Material for this task:
*** Block opens ***

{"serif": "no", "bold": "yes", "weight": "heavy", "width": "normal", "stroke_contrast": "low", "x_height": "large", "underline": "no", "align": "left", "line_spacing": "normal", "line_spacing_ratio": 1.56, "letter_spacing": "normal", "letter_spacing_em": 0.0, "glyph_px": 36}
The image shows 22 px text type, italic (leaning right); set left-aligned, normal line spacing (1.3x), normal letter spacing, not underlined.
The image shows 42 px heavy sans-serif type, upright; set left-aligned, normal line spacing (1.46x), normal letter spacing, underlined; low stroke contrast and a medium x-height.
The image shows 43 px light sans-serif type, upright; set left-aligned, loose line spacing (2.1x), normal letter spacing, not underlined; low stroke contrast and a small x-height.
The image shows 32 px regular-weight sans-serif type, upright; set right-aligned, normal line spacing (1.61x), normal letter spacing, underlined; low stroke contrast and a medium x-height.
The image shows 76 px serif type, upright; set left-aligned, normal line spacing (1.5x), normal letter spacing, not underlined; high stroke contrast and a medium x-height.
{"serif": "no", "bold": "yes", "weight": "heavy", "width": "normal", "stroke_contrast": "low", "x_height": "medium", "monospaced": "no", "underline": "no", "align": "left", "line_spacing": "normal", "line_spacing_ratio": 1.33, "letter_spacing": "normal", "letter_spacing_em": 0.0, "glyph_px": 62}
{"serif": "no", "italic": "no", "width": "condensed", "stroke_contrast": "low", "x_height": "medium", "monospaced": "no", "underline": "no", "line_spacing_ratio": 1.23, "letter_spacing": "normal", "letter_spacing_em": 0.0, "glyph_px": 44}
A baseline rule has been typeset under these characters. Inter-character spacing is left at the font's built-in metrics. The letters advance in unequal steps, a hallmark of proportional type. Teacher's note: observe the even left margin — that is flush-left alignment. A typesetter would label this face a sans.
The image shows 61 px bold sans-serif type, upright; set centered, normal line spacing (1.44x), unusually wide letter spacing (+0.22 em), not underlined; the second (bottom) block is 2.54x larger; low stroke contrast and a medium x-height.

*** Block closes ***

Problem to solve:
Return the listing verbatim.

Answer section:
{"serif": "no", "bold": "yes", "weight": "heavy", "width": "normal", "stroke_contrast": "low", "x_height": "large", "underline": "no", "align": "left", "line_spacing": "normal", "line_spacing_ratio": 1.56, "letter_spacing": "normal", "letter_spacing_em": 0.0, "glyph_px": 36}
The image shows 22 px text type, italic (leaning right); set left-aligned, normal line spacing (1.3x), normal letter spacing, not underlined.
The image shows 42 px heavy sans-serif type, upright; set left-aligned, normal line spacing (1.46x), normal letter spacing, underlined; low stroke contrast and a medium x-height.
The image shows 43 px light sans-serif type, upright; set left-aligned, loose line spacing (2.1x), normal letter spacing, not underlined; low stroke contrast and a small x-height.
The image shows 32 px regular-weight sans-serif type, upright; set right-aligned, normal line spacing (1.61x), normal letter spacing, underlined; low stroke contrast and a medium x-height.
The image shows 76 px serif type, upright; set left-aligned, normal line spacing (1.5x), normal letter spacing, not underlined; high stroke contrast and a medium x-height.
{"serif": "no", "bold": "yes", "weight": "heavy", "width": "normal", "stroke_contrast": "low", "x_height": "medium", "monospaced": "no", "underline": "no", "align": "left", "line_spacing": "normal", "line_spacing_ratio": 1.33, "letter_spacing": "normal", "letter_spacing_em": 0.0, "glyph_px": 62}
{"serif": "no", "italic": "no", "width": "condensed", "stroke_contrast": "low", "x_height": "medium", "monospaced": "no", "underline": "no", "line_spacing_ratio": 1.23, "letter_spacing": "normal", "letter_spacing_em": 0.0, "glyph_px": 44}
A baseline rule has been typeset under these characters. Inter-character spacing is left at the font's built-in metrics. The letters advance in unequal steps, a hallmark of proportional type. Teacher's note: observe the even left margin — that is flush-left alignment. A typesetter would label this face a sans.
The image shows 61 px bold sans-serif type, upright; set centered, normal line spacing (1.44x), unusually wide letter spacing (+0.22 em), not underlined; the second (bottom) block is 2.54x larger; low stroke contrast and a medium x-height.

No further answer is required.